The above results need to be discussed with clinical staff and drug researchers***. After stripping out the various human factors and objective influences of the business system, we can find previously unknown effects of bethanechol on the patient's physiological indicators, some of which may be medically positive and some of which may be medically negative.

3.5 Statistical analysis design

The statistical analysis module of the virtual drug clinical trial analysis system contains statistical analysis methods commonly used in drug development, such as T-test, ANOVA, correlation analysis, regression analysis, non-parametric test, etc. The design idea is in accordance with the statistical thinking, firstly, the data are validated, and then the statistical analysis methods are selected according to the validation results. Here we take repeated measures design as an example to illustrate.

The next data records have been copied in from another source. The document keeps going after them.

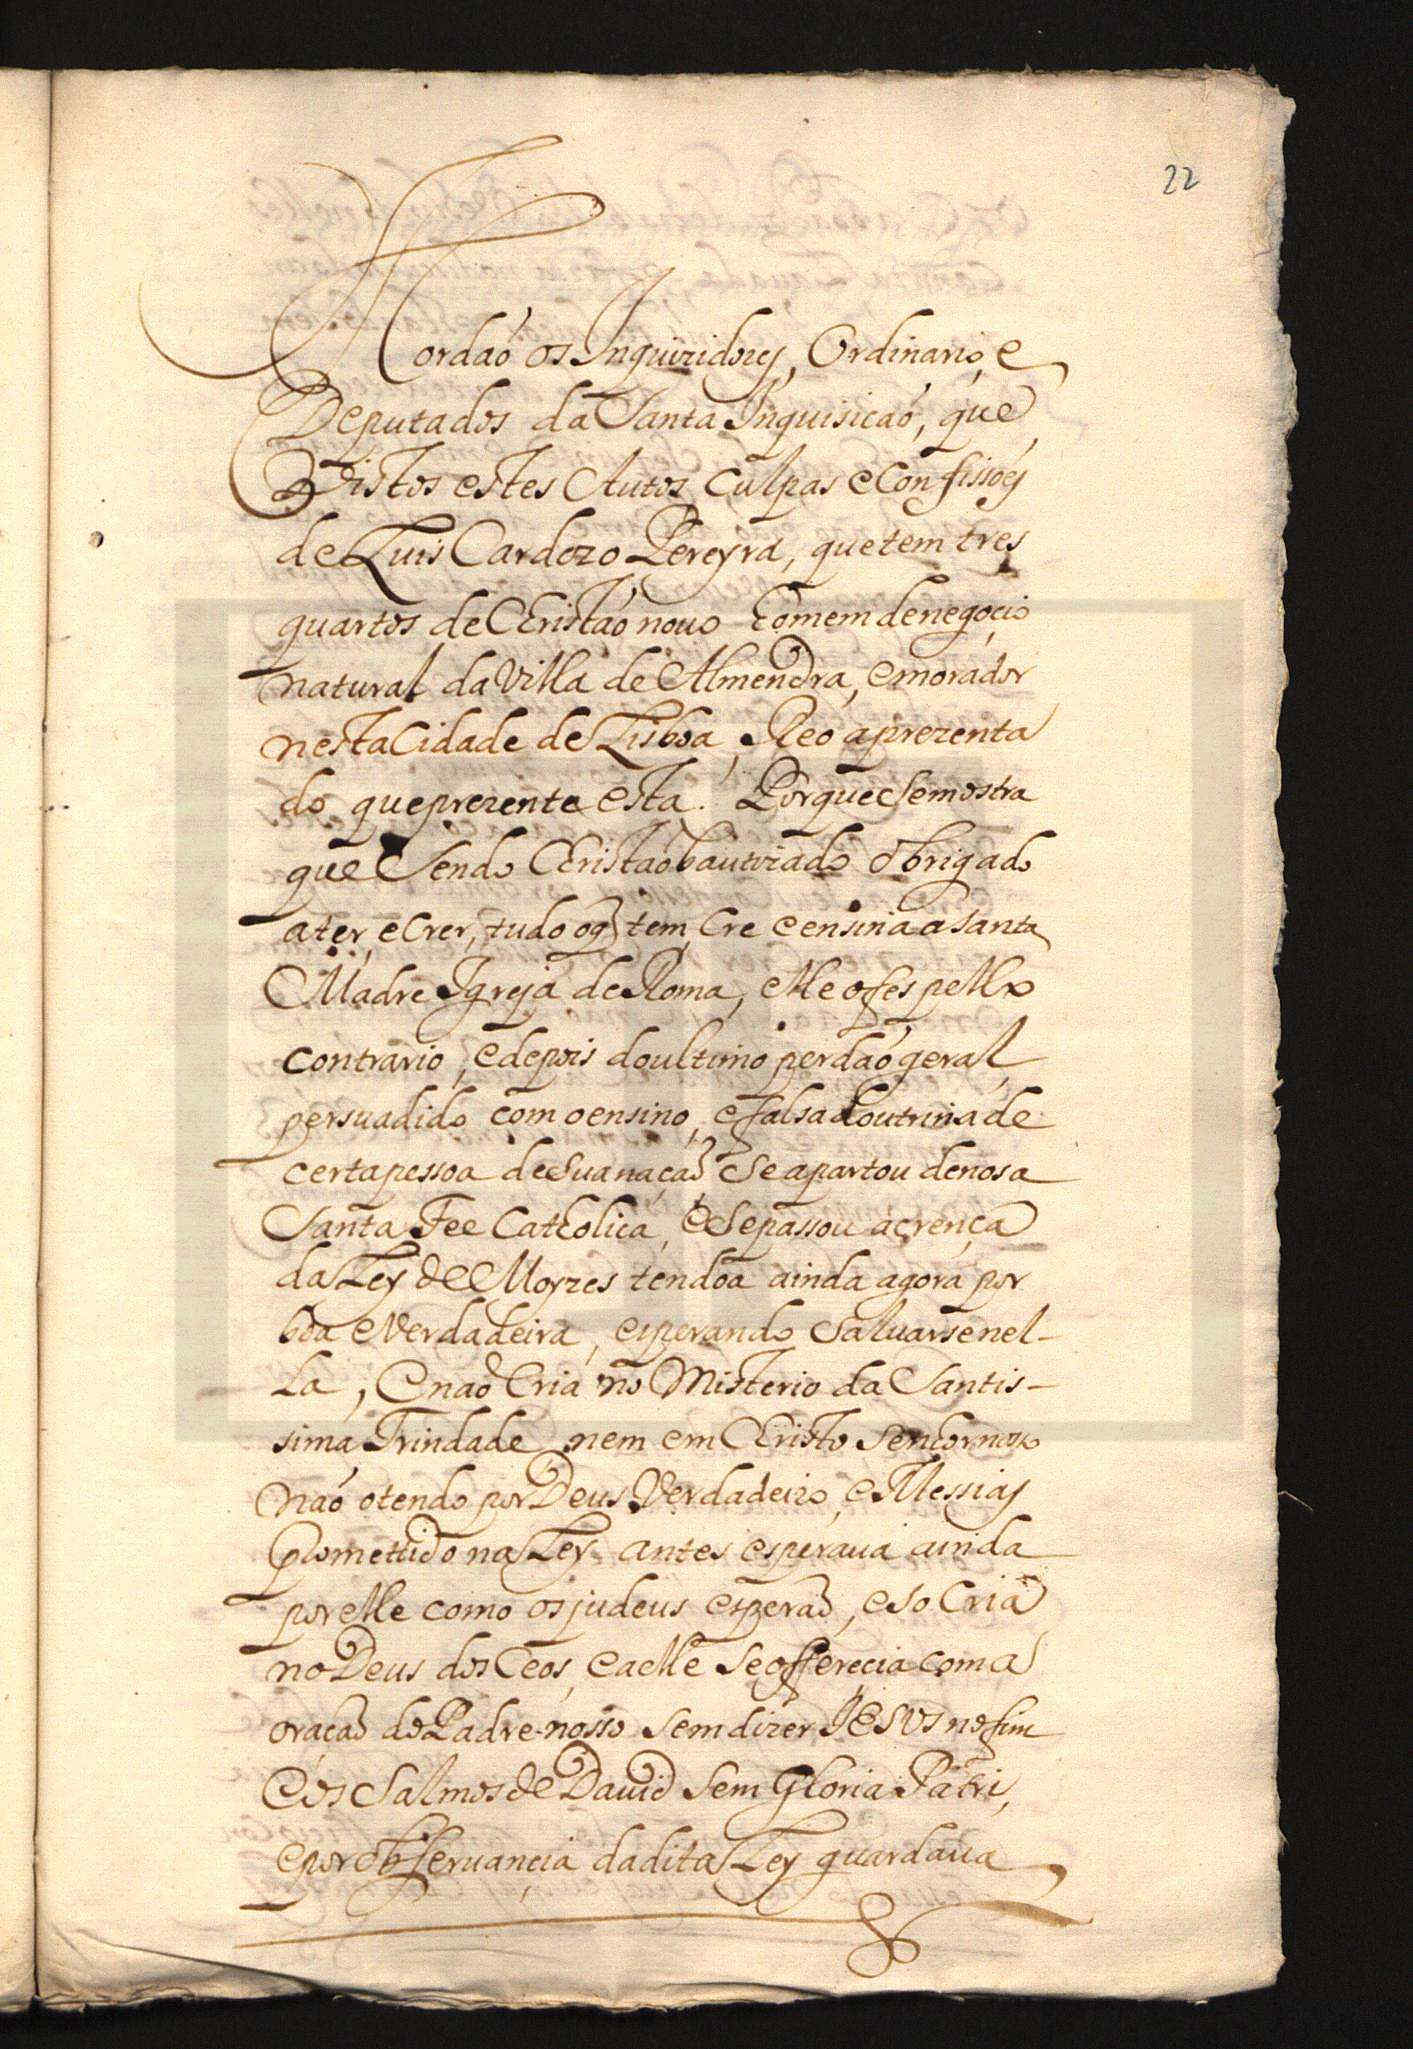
ACordaõ os Inquizidores, Ordinario, e
Deputados da Santa Inquisicaõ, que
Vistos estes Autos, Culpas e Confissoés
de Luis Cardozo Pereyra, que tem tres
quartos de Christaõ nouo homem de negoçio
natural da Villa de Almendra, e morador
nesta Cidade de Lisboa, Reo aprezenta
do que prezente esta. Porque se mostra
que Sendo Christaõ bautizado obrigado
a ter, e crer, tudo o q̄ tem, Cre e ensina a santa
Madre Igreja de Roma, elle o fes pello
contrario, e depois do ultimo perdaõ geral,
persuadido com o ensino, e falsa doutrina de
certa pessoa de sua naçaõ se apartou de nosa
Santa Fee Catholica, e se passou a crença
da Ley de Moyzes tendoa ainda agora por
boa e verdadeira, esperando saluarse nel
la, e naõ Cria no Misterio da Santis
sima Trindade, nem em Christo senhor nosso
não o tendo por Deus Verdadeiro, e Messias
promettido na Ley antes esperaua ainda
por elle como os judeus esperaõ, e so Cria
no Deus dos Ceos, e a elle se offereçia com a
oraçaõ do Padre nosso sem dizer JESVs no fim
e os Salmos de Dauid Sem Gloria Patri,
e por obseruançia da dita Ley guardaua

The disease of this study is atherosclerotic heart disease, the treatment factor is the drug application of betalactam, and the observation index is the blood potassium index that we found to be influential from data mining. We can use the module provided in 3.3 to extract and analyze the screened samples, or we can select the required data and analyze it directly from this module. There are two methods for repeated measures analysis, one is Hotelling T2 test and the other is ANOVA, both statistical tests are provided in this system.

Some of the sample data are shown in Figure 3 below:

Here, we only observe the result output of the ANOVA method as shown in Figure 4 below.

From the figure, we can see that according to the P-value: the treatment factor "Betalucil" drug plays a role in potassium, the measurement time has an effect on potassium, and there is an interaction effect between the treatment factor and the measurement time. This validates the results we obtained by applying data mining.

4. Application of Data Mining to Traditional Chinese Medicine Research and Development

In the above content, we focus on the research application of western medicine as an example to illustrate the methodology of virtual medicine research featuring data mining. In fact, data mining and virtual medicine research is also very suitable for the research work of Chinese medicine, because Chinese medicine itself is a medical science with a complete theoretical system after thousands of years of continuous exploration, accumulation and validation of a huge body of knowledge, but we still need to apply modern knowledge to continuously deepen the understanding, mining, improvement and application, so that it can be better integrated with modern science. Data mining is a powerful tool to explore and explain the mysteries of Chinese medicine!

Many units in China also carry out some localized attempts of data mining in Chinese medicine. Now, we will summarize these attempts of data mining in the research of traditional Chinese medicine as follows: 1, text data mining in traditional Chinese medicine formulas; 2, the "active ingredient" - the monomer or chemical component that plays a key role in the "pharmacology" - is a single component. Mining of monomers or chemical components that play a key role in "pharmacology"; 3, data mining and research on the laws of Chinese medicine prescription; 4, data mining on the relationship between the material basis of prescription and its efficacy such as (evidence, symptoms); 5, mining on the relationship between the dosage of prescription and the potency level of the prescription (quantitative-effective relationship and modeling); 6, mining on the relationship between the theory of the pharmacological properties of traditional Chinese medicines and the active ingredients of traditional Chinese medicine; 7, correlation mining between flavors of the medicinal formula Mining the correlation between the flavors of medicines; 8. Mining the implied similarity of similar diseases; 9. Mining and researching the similarity and difference of different prescriptions for the same kind of diseases. 10, Data mining for the classification and research of inexact diseases.